The first attempts to feed my NICU baby at home

When we finally got the baby home, I was still scared to try. I still wanted him to eat as much as he could, and I didn’t know how to know if he got enough from me.

So I kept pumping. We kept giving him the bottle. 

Small baby drinking from a bottle.

It made for very long nights of sleeping for 40 minutes, baby waking up, warming up a bottle, feeding him a bottle (about a 30 minute endeavor), waking my husband up to hold him (he wouldn’t sleep alone), and pumping for another 20 minutes. Repeat.

So what changed? How did we cut the middle man (the pump)?

What did it take for the baby to breastfeed?

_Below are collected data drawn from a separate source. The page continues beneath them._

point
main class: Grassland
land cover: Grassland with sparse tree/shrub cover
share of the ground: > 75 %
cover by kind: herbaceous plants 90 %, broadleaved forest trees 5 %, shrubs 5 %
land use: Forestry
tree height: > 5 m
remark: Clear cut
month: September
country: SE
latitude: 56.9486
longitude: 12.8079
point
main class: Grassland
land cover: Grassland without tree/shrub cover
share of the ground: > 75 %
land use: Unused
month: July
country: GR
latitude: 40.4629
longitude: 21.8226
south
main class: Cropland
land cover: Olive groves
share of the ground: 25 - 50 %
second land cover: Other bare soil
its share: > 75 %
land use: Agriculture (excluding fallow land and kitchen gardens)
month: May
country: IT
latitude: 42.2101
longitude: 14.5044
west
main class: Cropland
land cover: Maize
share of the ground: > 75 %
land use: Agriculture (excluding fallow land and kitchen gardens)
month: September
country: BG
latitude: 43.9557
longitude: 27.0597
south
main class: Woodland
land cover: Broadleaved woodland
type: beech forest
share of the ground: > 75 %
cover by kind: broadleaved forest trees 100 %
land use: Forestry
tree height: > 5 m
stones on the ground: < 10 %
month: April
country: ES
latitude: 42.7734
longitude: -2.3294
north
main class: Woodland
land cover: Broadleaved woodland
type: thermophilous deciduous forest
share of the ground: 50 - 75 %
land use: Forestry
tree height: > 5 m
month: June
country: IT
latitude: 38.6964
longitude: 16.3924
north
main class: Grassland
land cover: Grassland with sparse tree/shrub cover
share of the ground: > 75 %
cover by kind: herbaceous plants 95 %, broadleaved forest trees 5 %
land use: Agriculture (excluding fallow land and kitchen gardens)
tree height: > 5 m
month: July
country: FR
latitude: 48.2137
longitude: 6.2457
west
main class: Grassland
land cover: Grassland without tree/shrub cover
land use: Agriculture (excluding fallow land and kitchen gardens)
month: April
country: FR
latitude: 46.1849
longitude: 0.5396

I had read blog posts about what it would take to get a baby to breastfeed after they were bottle fed. There was a lot about taking baths with the baby, doing skin to skin, etc. It sounded tedious. And I don’t know about you, but my bathtub isn’t big enough for me, let alone me and a baby.

It was much more simple, and difficult, than that. 

I say it was simple because the key to my success was consistently trying over and over again. It was difficult because every failed attempt led to an upset and hungry baby, and a frustrated momma.

Getting it right: Breastfeeding, FINALLY!

The first time I tried to feed him after he got home was due to my mother-in-law. She came over to watch him for a bit so I could do something else, and after she gave him a bottle, she thought he was still hungry.

As a mother to eight, she knew how breastfeeding worked. As a first time mom of a NICU baby, I had no clue. She helped me latch him on, and he ate. It was magical.

I kept trying to feed him. When he got hungry, before I would warm up a bottle, I would put him to my breast. He would struggle to latch for a bit, maybe latch for a second and then not know what to do, and ultimately I ended up with a screaming baby.

Especially at night, that was difficult. I already got so little sleep from being up for the pumping sessions.

My husband would warm up the bottle. Sometimes he’d feed the baby, sometimes I would. Then he’d hold the baby so I could pump. If he wasn’t up with me every feeding, there is no way I would have persevered.

Because it wasn’t working unless I did it every time he was hungry. I tried to just do it during the day to start. We made very little progress.

But the key was consistency. 

I kept trying. Every single feeding. Eventually, he stopped needing the bottle during the day. The night time bottles slowly decreased, until we didn’t need them anymore either. 

He finally breastfed. 

It wasn’t always easy after that. I was in tremendous pain. After several lactation consultants, we discovered the baby had not only a tongue tie, but lip and cheek ties too. How we eliminated pain while breastfeeding with ties is a story for another time.

In Summary

My NICU baby was set up for failure when it came to breastfeeding. He had the bottle from the first time he was allowed to eat. But through trying the breast before every bottle, over the course of a few weeks, we were able to make the switch. I have been breastfeeding him now for six months, and it’s still going strong.

Woman in a white blouse and blue jeans breastfeeding a baby on a white blanket.